*** SOURCE DATA ***

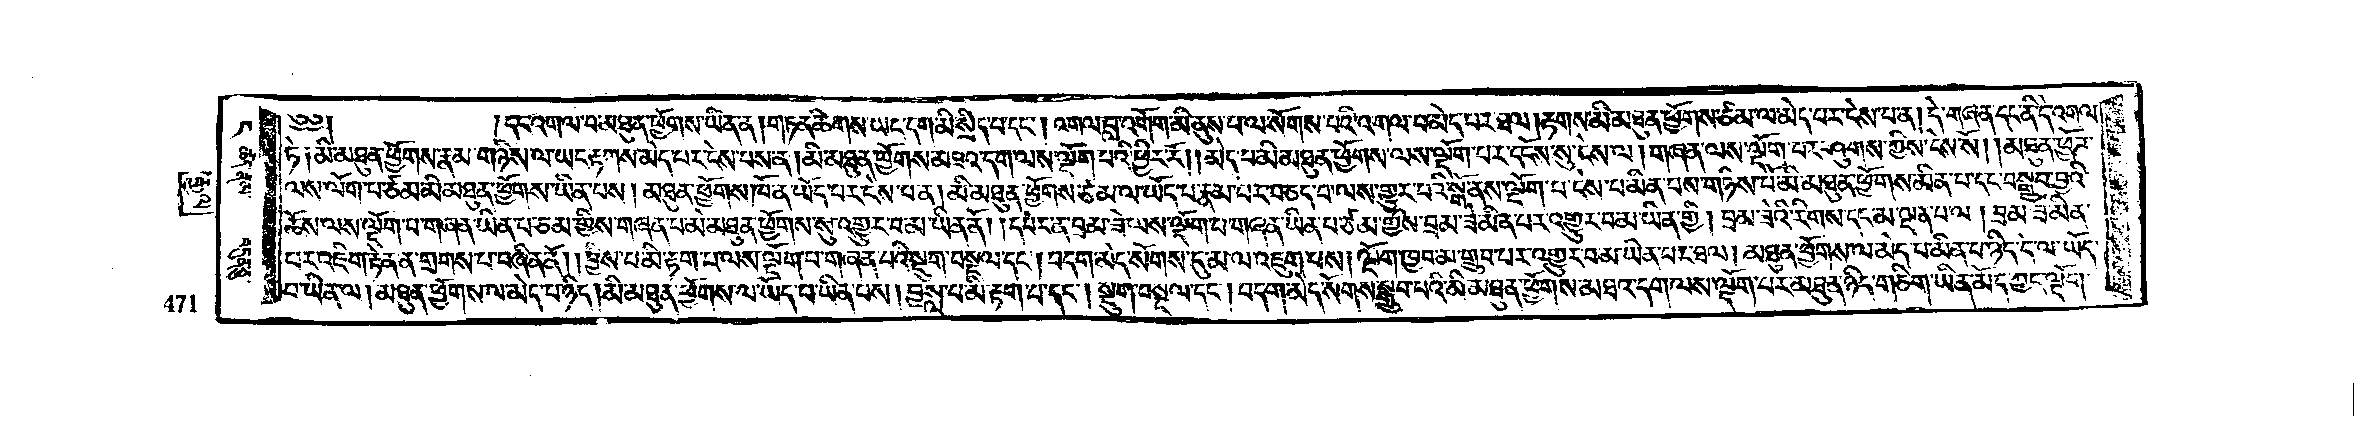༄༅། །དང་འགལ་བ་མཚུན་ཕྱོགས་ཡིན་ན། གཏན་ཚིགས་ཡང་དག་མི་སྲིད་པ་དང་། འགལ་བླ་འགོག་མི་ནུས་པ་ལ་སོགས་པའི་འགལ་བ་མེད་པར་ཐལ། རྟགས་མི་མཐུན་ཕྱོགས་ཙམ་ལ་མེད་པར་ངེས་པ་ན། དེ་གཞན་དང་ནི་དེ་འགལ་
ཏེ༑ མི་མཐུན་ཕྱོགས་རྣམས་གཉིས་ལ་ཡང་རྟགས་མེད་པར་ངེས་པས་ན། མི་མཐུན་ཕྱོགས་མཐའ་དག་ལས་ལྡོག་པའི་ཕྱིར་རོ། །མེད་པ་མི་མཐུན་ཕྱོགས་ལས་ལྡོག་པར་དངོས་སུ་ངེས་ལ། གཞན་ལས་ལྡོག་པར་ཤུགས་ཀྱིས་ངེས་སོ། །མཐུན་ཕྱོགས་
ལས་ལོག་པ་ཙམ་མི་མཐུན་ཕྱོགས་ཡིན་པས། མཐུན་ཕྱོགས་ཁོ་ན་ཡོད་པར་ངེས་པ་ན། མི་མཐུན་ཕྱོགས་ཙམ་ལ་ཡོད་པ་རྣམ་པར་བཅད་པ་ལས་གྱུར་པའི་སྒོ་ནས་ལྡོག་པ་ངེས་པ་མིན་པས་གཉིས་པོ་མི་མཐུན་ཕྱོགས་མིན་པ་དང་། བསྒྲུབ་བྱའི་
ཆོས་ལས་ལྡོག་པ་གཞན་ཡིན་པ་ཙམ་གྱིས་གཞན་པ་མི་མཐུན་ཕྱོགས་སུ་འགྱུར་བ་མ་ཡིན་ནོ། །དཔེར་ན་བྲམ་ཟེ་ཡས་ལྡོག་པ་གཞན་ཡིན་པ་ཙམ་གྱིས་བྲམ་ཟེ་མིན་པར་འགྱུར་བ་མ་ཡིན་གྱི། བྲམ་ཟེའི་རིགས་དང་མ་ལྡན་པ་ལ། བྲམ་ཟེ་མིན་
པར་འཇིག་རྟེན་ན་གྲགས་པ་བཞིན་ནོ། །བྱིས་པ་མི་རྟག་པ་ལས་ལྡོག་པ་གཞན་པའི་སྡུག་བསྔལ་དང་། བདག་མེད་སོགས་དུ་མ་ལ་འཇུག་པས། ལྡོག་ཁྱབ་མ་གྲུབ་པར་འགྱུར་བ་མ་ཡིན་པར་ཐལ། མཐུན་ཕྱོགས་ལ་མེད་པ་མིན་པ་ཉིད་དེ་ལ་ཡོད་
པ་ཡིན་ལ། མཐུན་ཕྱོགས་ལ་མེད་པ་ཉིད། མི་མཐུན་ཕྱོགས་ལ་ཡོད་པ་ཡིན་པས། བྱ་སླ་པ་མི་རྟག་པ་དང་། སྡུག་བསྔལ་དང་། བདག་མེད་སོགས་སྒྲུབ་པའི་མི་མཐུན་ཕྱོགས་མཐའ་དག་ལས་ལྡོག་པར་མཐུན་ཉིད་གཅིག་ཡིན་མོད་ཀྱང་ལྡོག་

***

WHAT YOU HAVE TO DO
Give back the whole listing exactly, without pictures.

YOUR SOLUTION
༄༅། །དང་འགལ་བ་མཚུན་ཕྱོགས་ཡིན་ན། གཏན་ཚིགས་ཡང་དག་མི་སྲིད་པ་དང་། འགལ་བླ་འགོག་མི་ནུས་པ་ལ་སོགས་པའི་འགལ་བ་མེད་པར་ཐལ། རྟགས་མི་མཐུན་ཕྱོགས་ཙམ་ལ་མེད་པར་ངེས་པ་ན། དེ་གཞན་དང་ནི་དེ་འགལ་
ཏེ༑ མི་མཐུན་ཕྱོགས་རྣམས་གཉིས་ལ་ཡང་རྟགས་མེད་པར་ངེས་པས་ན། མི་མཐུན་ཕྱོགས་མཐའ་དག་ལས་ལྡོག་པའི་ཕྱིར་རོ། །མེད་པ་མི་མཐུན་ཕྱོགས་ལས་ལྡོག་པར་དངོས་སུ་ངེས་ལ། གཞན་ལས་ལྡོག་པར་ཤུགས་ཀྱིས་ངེས་སོ། །མཐུན་ཕྱོགས་
ལས་ལོག་པ་ཙམ་མི་མཐུན་ཕྱོགས་ཡིན་པས། མཐུན་ཕྱོགས་ཁོ་ན་ཡོད་པར་ངེས་པ་ན། མི་མཐུན་ཕྱོགས་ཙམ་ལ་ཡོད་པ་རྣམ་པར་བཅད་པ་ལས་གྱུར་པའི་སྒོ་ནས་ལྡོག་པ་ངེས་པ་མིན་པས་གཉིས་པོ་མི་མཐུན་ཕྱོགས་མིན་པ་དང་། བསྒྲུབ་བྱའི་
ཆོས་ལས་ལྡོག་པ་གཞན་ཡིན་པ་ཙམ་གྱིས་གཞན་པ་མི་མཐུན་ཕྱོགས་སུ་འགྱུར་བ་མ་ཡིན་ནོ། །དཔེར་ན་བྲམ་ཟེ་ཡས་ལྡོག་པ་གཞན་ཡིན་པ་ཙམ་གྱིས་བྲམ་ཟེ་མིན་པར་འགྱུར་བ་མ་ཡིན་གྱི། བྲམ་ཟེའི་རིགས་དང་མ་ལྡན་པ་ལ། བྲམ་ཟེ་མིན་
པར་འཇིག་རྟེན་ན་གྲགས་པ་བཞིན་ནོ། །བྱིས་པ་མི་རྟག་པ་ལས་ལྡོག་པ་གཞན་པའི་སྡུག་བསྔལ་དང་། བདག་མེད་སོགས་དུ་མ་ལ་འཇུག་པས། ལྡོག་ཁྱབ་མ་གྲུབ་པར་འགྱུར་བ་མ་ཡིན་པར་ཐལ། མཐུན་ཕྱོགས་ལ་མེད་པ་མིན་པ་ཉིད་དེ་ལ་ཡོད་
པ་ཡིན་ལ། མཐུན་ཕྱོགས་ལ་མེད་པ་ཉིད། མི་མཐུན་ཕྱོགས་ལ་ཡོད་པ་ཡིན་པས། བྱ་སླ་པ་མི་རྟག་པ་དང་། སྡུག་བསྔལ་དང་། བདག་མེད་སོགས་སྒྲུབ་པའི་མི་མཐུན་ཕྱོགས་མཐའ་དག་ལས་ལྡོག་པར་མཐུན་ཉིད་གཅིག་ཡིན་མོད་ཀྱང་ལྡོག་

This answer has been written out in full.